═══ Data to examine
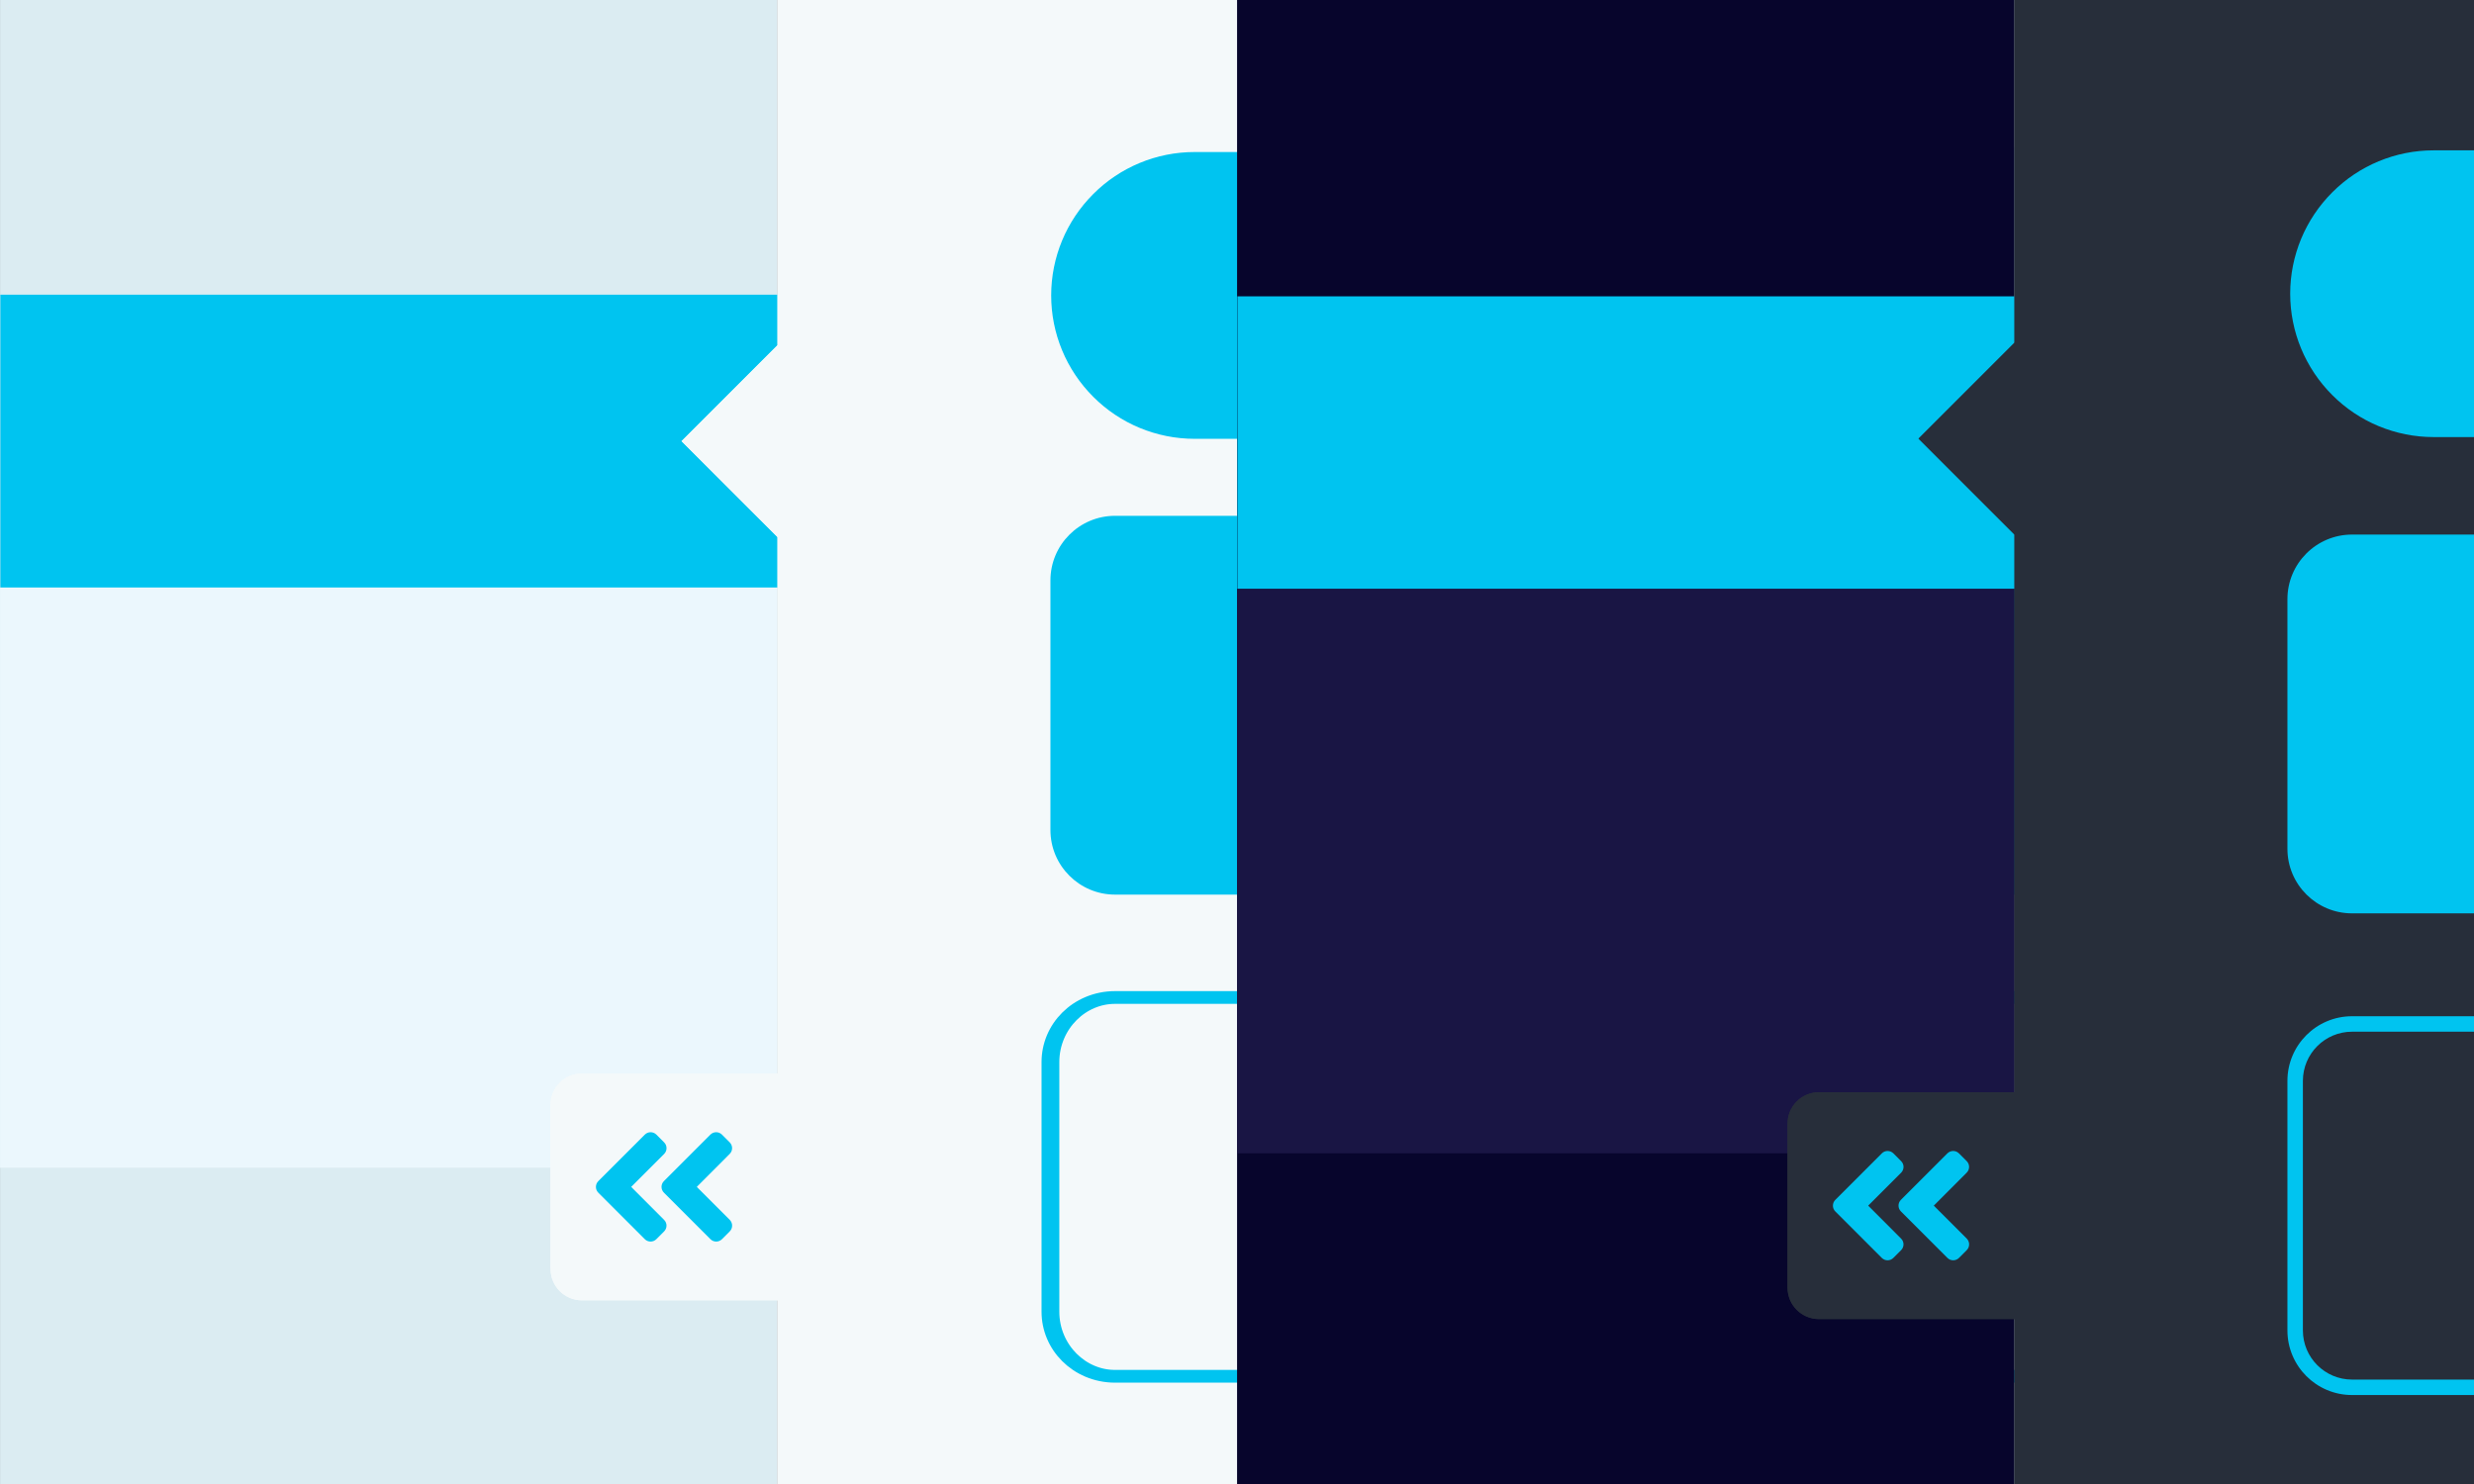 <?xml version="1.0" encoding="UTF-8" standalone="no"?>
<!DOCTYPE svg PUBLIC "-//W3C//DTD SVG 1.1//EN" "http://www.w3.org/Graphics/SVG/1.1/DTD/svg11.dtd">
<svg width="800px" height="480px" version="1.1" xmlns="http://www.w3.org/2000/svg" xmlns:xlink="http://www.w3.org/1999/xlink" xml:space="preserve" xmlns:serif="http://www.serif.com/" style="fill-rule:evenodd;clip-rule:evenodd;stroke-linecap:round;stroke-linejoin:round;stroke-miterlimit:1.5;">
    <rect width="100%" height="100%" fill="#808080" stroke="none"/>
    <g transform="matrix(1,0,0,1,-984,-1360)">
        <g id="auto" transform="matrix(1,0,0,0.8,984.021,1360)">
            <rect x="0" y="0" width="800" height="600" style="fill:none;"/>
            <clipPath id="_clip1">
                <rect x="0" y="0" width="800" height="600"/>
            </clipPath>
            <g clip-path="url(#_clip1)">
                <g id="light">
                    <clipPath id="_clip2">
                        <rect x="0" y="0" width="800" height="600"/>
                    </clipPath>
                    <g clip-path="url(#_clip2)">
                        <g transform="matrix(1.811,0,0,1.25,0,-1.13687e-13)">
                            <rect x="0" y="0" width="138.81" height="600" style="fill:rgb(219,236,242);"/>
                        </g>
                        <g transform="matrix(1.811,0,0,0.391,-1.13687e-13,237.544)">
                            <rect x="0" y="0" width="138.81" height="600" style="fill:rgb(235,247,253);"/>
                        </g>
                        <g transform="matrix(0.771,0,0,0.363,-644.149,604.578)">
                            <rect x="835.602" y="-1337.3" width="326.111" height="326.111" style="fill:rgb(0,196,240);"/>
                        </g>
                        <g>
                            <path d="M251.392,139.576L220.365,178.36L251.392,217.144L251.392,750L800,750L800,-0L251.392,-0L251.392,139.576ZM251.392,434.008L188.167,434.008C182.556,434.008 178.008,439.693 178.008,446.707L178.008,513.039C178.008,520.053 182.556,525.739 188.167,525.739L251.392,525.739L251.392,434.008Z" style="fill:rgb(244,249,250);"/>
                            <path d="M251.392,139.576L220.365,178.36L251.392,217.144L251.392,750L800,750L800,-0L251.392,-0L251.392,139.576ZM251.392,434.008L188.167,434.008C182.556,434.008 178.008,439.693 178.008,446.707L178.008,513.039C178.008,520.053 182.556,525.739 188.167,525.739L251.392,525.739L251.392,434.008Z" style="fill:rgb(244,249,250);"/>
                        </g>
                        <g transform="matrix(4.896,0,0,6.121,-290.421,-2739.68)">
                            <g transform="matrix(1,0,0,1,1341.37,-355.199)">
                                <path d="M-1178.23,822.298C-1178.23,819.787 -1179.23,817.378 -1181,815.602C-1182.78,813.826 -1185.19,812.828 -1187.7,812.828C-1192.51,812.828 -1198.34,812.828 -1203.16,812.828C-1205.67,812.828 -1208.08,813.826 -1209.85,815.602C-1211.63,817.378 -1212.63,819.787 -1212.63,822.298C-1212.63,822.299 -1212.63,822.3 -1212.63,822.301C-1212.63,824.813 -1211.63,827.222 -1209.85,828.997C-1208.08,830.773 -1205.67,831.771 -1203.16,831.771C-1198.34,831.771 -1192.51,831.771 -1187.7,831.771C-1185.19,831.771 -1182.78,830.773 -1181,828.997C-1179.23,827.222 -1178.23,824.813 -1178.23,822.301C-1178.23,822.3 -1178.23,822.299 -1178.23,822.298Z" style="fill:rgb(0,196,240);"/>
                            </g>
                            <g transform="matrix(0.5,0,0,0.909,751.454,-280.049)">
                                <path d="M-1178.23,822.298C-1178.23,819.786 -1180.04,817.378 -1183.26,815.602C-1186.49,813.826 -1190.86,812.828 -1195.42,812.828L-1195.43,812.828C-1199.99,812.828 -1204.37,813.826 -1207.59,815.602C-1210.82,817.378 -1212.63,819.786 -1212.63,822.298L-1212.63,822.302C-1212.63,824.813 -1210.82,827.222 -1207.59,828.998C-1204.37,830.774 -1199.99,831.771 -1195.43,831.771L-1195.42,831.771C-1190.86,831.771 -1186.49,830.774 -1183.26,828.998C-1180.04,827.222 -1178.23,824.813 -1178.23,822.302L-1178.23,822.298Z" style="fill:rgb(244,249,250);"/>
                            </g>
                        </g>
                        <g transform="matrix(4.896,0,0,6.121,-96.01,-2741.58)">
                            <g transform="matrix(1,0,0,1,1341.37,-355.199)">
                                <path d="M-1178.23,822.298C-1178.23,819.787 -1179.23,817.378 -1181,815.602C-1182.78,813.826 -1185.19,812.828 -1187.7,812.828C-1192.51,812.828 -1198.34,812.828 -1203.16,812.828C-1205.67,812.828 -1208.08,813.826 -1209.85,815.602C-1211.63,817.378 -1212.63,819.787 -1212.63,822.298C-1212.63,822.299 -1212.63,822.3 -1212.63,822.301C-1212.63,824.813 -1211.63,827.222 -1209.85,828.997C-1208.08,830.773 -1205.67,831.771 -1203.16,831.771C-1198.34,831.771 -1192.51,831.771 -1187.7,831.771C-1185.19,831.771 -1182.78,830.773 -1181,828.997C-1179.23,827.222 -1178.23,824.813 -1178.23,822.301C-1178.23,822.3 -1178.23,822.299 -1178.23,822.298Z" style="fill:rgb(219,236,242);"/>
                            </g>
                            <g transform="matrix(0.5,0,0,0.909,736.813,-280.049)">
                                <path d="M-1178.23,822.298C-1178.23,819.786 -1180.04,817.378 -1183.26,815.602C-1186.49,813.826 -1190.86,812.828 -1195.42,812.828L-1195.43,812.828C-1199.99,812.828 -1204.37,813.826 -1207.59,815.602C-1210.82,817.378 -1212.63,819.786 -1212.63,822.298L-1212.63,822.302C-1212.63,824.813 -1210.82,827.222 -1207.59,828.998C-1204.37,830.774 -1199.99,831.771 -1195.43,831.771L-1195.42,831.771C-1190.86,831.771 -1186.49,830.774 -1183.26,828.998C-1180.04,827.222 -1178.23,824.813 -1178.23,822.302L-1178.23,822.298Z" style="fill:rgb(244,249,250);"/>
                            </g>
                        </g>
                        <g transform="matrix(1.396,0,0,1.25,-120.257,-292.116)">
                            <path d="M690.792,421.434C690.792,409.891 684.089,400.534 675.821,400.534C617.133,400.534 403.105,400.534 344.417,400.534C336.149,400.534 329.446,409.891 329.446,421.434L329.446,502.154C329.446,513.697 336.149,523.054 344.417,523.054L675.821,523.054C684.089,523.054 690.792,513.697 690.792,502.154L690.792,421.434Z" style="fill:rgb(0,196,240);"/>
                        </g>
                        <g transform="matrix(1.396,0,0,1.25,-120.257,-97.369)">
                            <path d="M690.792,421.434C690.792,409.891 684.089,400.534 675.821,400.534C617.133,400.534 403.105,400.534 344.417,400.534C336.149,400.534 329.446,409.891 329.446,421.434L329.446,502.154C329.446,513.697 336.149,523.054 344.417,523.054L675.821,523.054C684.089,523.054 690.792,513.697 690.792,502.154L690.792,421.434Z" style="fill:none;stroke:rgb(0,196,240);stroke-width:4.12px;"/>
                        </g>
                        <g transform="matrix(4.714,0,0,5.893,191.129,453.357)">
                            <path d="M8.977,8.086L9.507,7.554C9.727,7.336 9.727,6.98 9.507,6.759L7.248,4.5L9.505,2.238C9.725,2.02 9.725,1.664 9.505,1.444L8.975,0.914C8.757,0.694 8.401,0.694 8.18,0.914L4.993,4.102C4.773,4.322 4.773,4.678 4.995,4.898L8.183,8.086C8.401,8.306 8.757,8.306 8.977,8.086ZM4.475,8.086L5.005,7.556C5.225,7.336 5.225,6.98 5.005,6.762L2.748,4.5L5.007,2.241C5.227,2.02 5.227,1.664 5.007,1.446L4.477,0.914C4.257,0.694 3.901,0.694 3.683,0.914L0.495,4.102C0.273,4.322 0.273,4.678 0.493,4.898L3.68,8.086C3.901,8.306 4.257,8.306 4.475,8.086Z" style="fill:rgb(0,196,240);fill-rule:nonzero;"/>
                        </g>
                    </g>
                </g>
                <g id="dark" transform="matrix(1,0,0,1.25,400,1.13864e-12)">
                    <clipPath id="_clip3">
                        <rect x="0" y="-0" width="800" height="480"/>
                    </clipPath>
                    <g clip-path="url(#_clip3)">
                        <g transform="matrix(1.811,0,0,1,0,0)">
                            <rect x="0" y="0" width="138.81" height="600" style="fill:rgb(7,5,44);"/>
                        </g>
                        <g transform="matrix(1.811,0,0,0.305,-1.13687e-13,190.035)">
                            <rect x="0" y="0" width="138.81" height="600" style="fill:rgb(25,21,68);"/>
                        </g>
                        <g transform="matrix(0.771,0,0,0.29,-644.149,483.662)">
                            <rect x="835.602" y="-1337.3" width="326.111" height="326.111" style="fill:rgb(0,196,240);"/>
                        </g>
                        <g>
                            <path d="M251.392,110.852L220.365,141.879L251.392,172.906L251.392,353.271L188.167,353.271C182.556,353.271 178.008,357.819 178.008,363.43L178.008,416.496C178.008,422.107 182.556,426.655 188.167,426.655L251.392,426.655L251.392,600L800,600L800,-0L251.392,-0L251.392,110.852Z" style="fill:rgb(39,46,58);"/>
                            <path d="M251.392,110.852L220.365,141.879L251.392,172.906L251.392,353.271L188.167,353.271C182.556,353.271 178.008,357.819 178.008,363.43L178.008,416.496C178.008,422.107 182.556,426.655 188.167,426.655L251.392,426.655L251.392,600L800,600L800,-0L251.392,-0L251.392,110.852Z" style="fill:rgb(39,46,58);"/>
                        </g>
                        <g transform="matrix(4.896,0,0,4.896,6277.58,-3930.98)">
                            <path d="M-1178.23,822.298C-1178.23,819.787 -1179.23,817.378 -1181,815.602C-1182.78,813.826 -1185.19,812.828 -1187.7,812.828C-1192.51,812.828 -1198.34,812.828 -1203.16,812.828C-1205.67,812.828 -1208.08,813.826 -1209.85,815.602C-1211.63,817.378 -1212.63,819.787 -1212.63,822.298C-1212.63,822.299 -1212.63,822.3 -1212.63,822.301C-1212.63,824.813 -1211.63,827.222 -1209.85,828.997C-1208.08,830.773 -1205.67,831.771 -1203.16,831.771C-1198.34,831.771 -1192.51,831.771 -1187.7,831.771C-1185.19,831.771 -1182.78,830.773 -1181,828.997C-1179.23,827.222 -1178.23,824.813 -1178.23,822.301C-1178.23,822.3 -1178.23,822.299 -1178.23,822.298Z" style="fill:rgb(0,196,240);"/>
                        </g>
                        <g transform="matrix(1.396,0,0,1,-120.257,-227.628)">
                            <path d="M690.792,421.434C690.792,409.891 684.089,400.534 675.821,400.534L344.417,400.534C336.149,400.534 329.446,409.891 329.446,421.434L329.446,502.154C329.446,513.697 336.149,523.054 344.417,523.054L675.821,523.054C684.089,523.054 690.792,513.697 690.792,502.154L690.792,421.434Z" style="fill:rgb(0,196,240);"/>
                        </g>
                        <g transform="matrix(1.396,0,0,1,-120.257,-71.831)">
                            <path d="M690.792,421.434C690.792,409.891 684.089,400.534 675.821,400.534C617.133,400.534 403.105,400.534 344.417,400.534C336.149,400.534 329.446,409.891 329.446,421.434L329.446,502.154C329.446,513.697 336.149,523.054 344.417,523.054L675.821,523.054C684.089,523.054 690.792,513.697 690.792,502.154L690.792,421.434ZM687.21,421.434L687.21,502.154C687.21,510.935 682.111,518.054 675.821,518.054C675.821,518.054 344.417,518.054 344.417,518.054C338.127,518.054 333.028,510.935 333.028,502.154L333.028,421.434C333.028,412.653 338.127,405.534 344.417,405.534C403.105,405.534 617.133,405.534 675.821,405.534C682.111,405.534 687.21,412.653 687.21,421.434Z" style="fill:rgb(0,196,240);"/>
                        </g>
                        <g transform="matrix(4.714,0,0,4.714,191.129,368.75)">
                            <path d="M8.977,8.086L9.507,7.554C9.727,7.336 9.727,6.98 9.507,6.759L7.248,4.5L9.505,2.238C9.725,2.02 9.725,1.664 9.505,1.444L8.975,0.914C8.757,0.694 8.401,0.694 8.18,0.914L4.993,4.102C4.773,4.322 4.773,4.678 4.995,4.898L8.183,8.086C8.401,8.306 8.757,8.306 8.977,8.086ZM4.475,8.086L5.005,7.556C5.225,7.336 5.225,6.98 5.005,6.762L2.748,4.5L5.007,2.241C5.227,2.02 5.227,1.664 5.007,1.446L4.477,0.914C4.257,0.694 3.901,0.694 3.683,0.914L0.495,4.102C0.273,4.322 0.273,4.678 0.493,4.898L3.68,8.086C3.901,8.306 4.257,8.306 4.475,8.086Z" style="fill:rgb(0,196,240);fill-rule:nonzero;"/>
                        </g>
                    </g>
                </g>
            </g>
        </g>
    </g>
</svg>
══════
All that is wanted is each line, word for word, from the first line of the data to the one holding "<!DOCTYPE svg PUBLIC", with the pictures left out.

_Written answer_
 <?xml version="1.0" encoding="UTF-8" standalone="no"?>
<!DOCTYPE svg PUBLIC "-//W3C//DTD SVG 1.1//EN" "http://www.w3.org/Graphics/SVG/1.1/DTD/svg11.dtd">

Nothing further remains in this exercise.